- **ACTION ITEM**
For this exercise, retype every record below exactly and keep the pictures out.

- **LISTED ENTRIES**
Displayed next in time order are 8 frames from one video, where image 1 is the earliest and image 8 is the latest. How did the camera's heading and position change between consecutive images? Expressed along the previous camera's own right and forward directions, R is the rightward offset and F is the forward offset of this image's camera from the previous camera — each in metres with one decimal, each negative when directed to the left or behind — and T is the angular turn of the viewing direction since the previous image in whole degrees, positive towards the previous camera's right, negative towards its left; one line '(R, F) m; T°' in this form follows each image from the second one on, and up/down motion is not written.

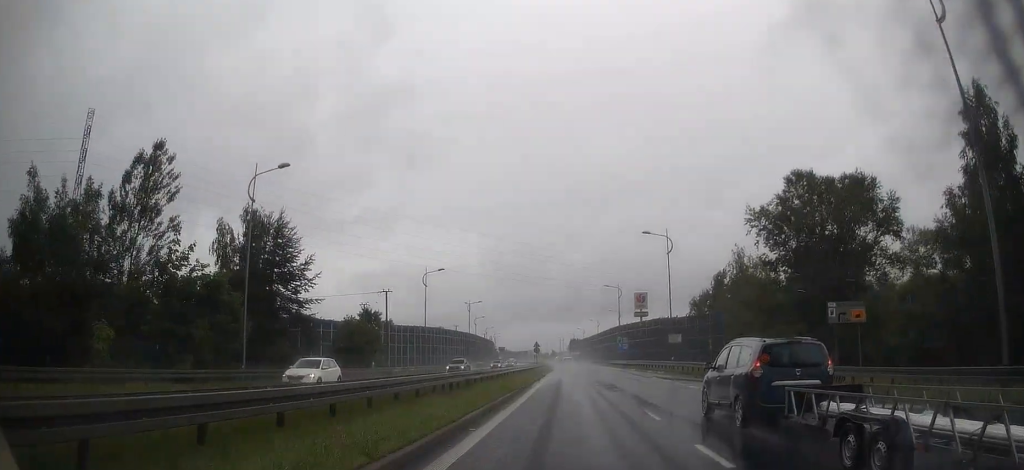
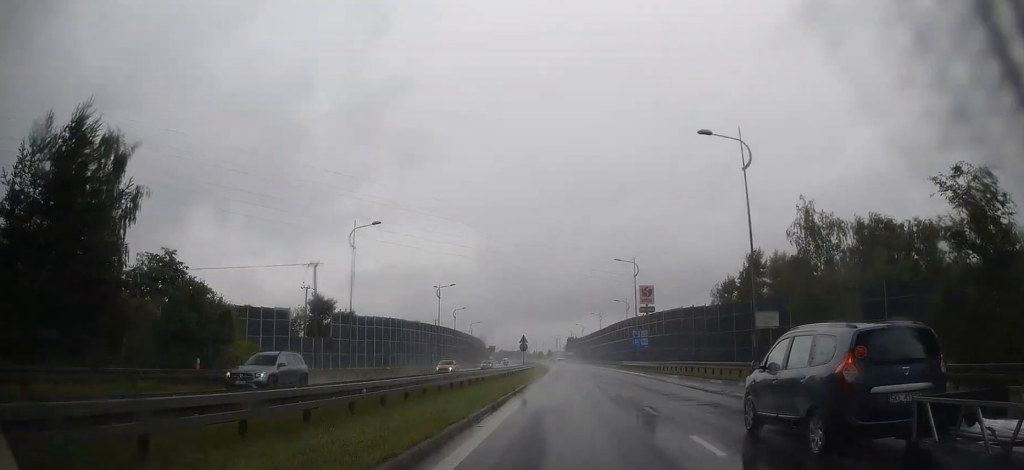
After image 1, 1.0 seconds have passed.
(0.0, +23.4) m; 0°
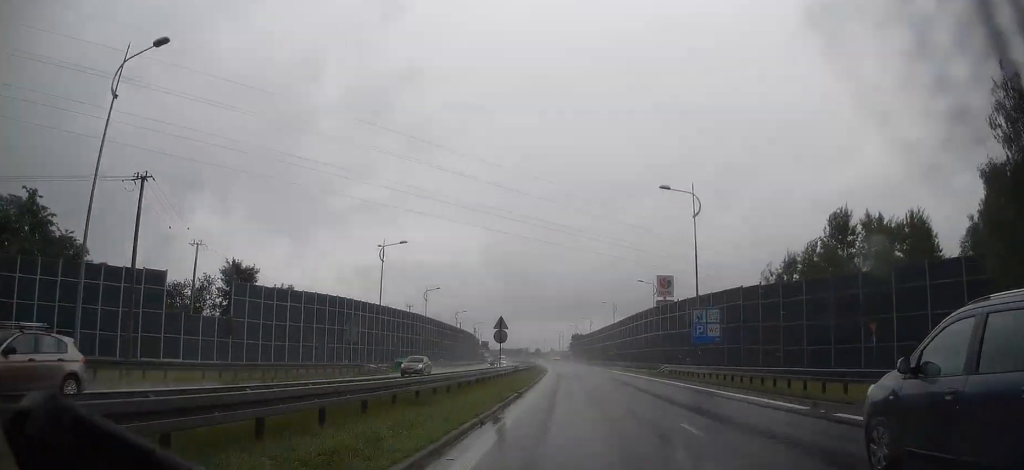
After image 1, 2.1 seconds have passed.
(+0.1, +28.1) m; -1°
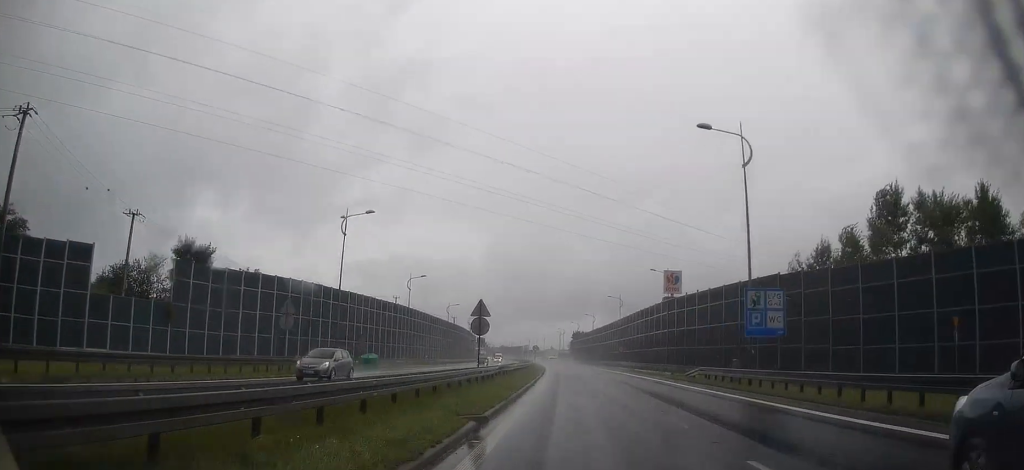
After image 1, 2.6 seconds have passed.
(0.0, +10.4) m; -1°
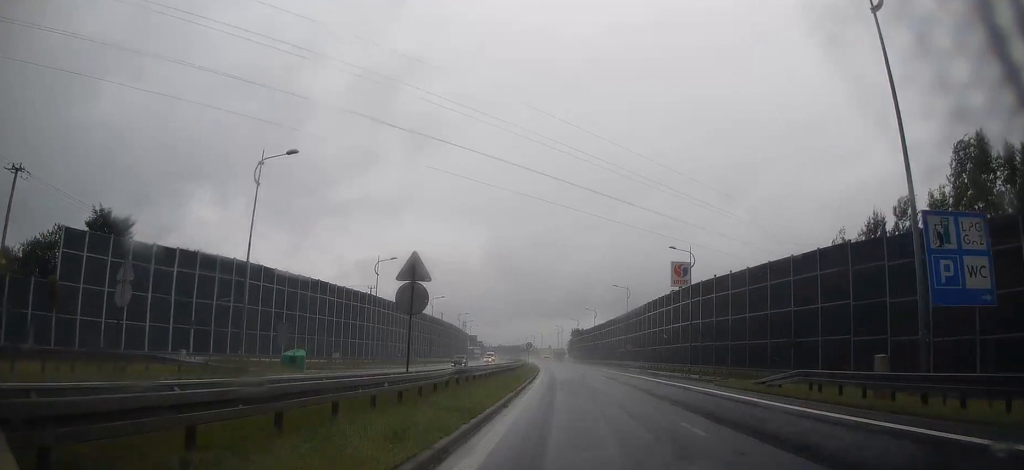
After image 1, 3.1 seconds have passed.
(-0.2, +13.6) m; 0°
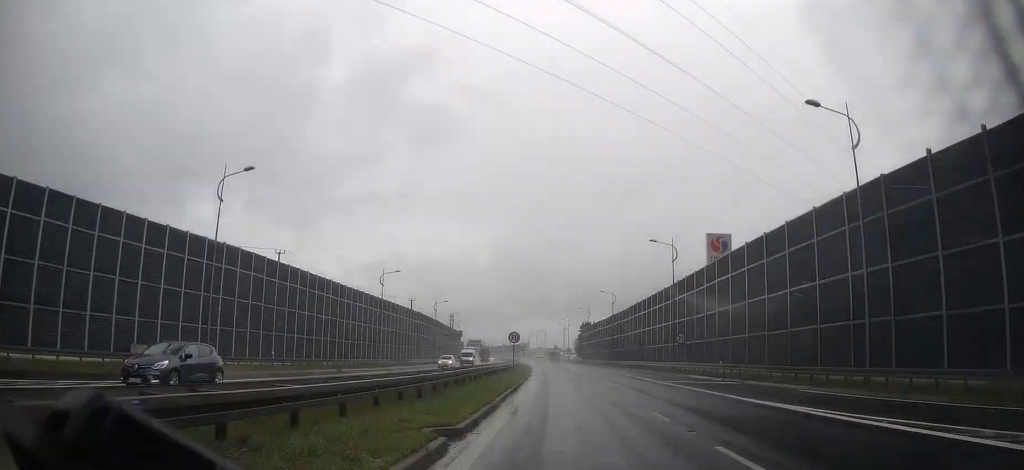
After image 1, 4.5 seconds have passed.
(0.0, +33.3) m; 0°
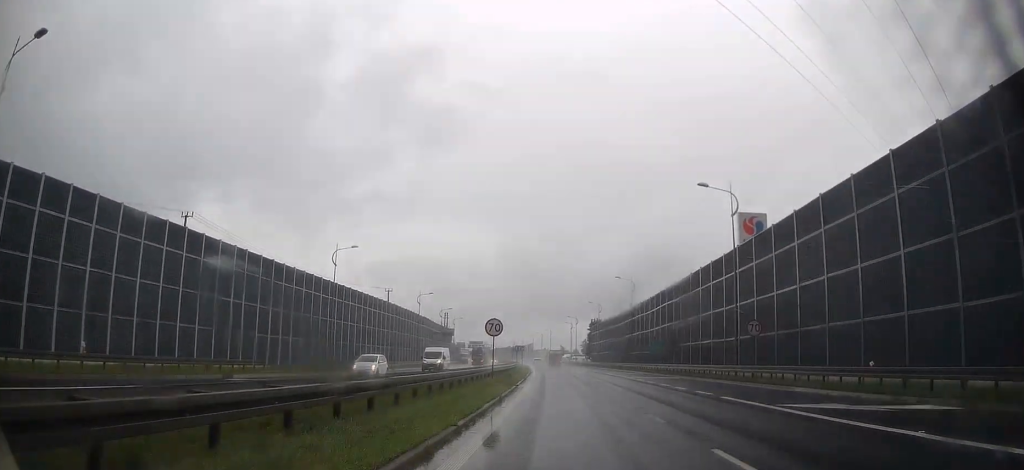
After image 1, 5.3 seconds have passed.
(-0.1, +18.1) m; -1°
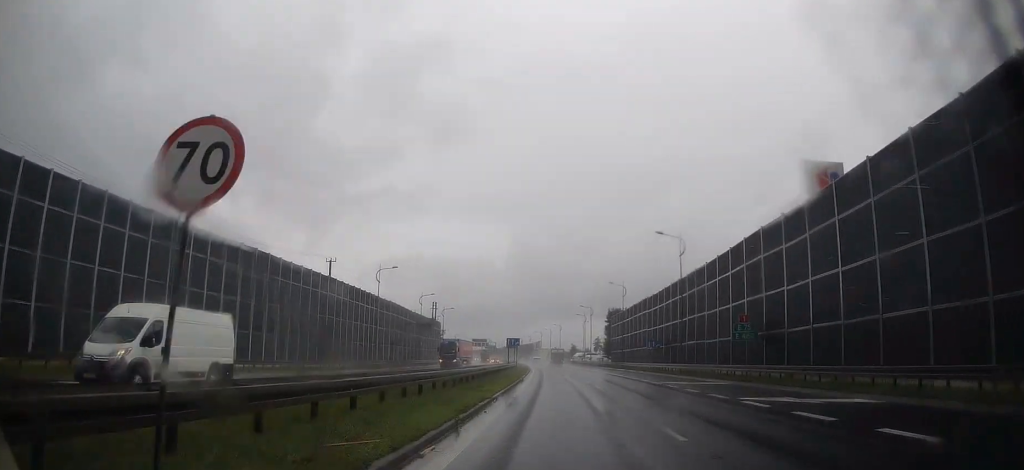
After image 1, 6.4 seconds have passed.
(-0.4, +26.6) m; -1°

- **ANSWER FOR THE TASK**
Displayed next in time order are 8 frames from one video, where image 1 is the earliest and image 8 is the latest. How did the camera's heading and position change between consecutive images? Expressed along the previous camera's own right and forward directions, R is the rightward offset and F is the forward offset of this image's camera from the previous camera — each in metres with one decimal, each negative when directed to the left or behind — and T is the angular turn of the viewing direction since the previous image in whole degrees, positive towards the previous camera's right, negative towards its left; one line '(R, F) m; T°' in this form follows each image from the second one on, and up/down motion is not written.

After image 1, 1.0 seconds have passed.
(0.0, +23.4) m; 0°
After image 1, 2.1 seconds have passed.
(+0.1, +28.1) m; -1°
After image 1, 2.6 seconds have passed.
(0.0, +10.4) m; -1°
After image 1, 3.1 seconds have passed.
(-0.2, +13.6) m; 0°
After image 1, 4.5 seconds have passed.
(0.0, +33.3) m; 0°
After image 1, 5.3 seconds have passed.
(-0.1, +18.1) m; -1°
After image 1, 6.4 seconds have passed.
(-0.4, +26.6) m; -1°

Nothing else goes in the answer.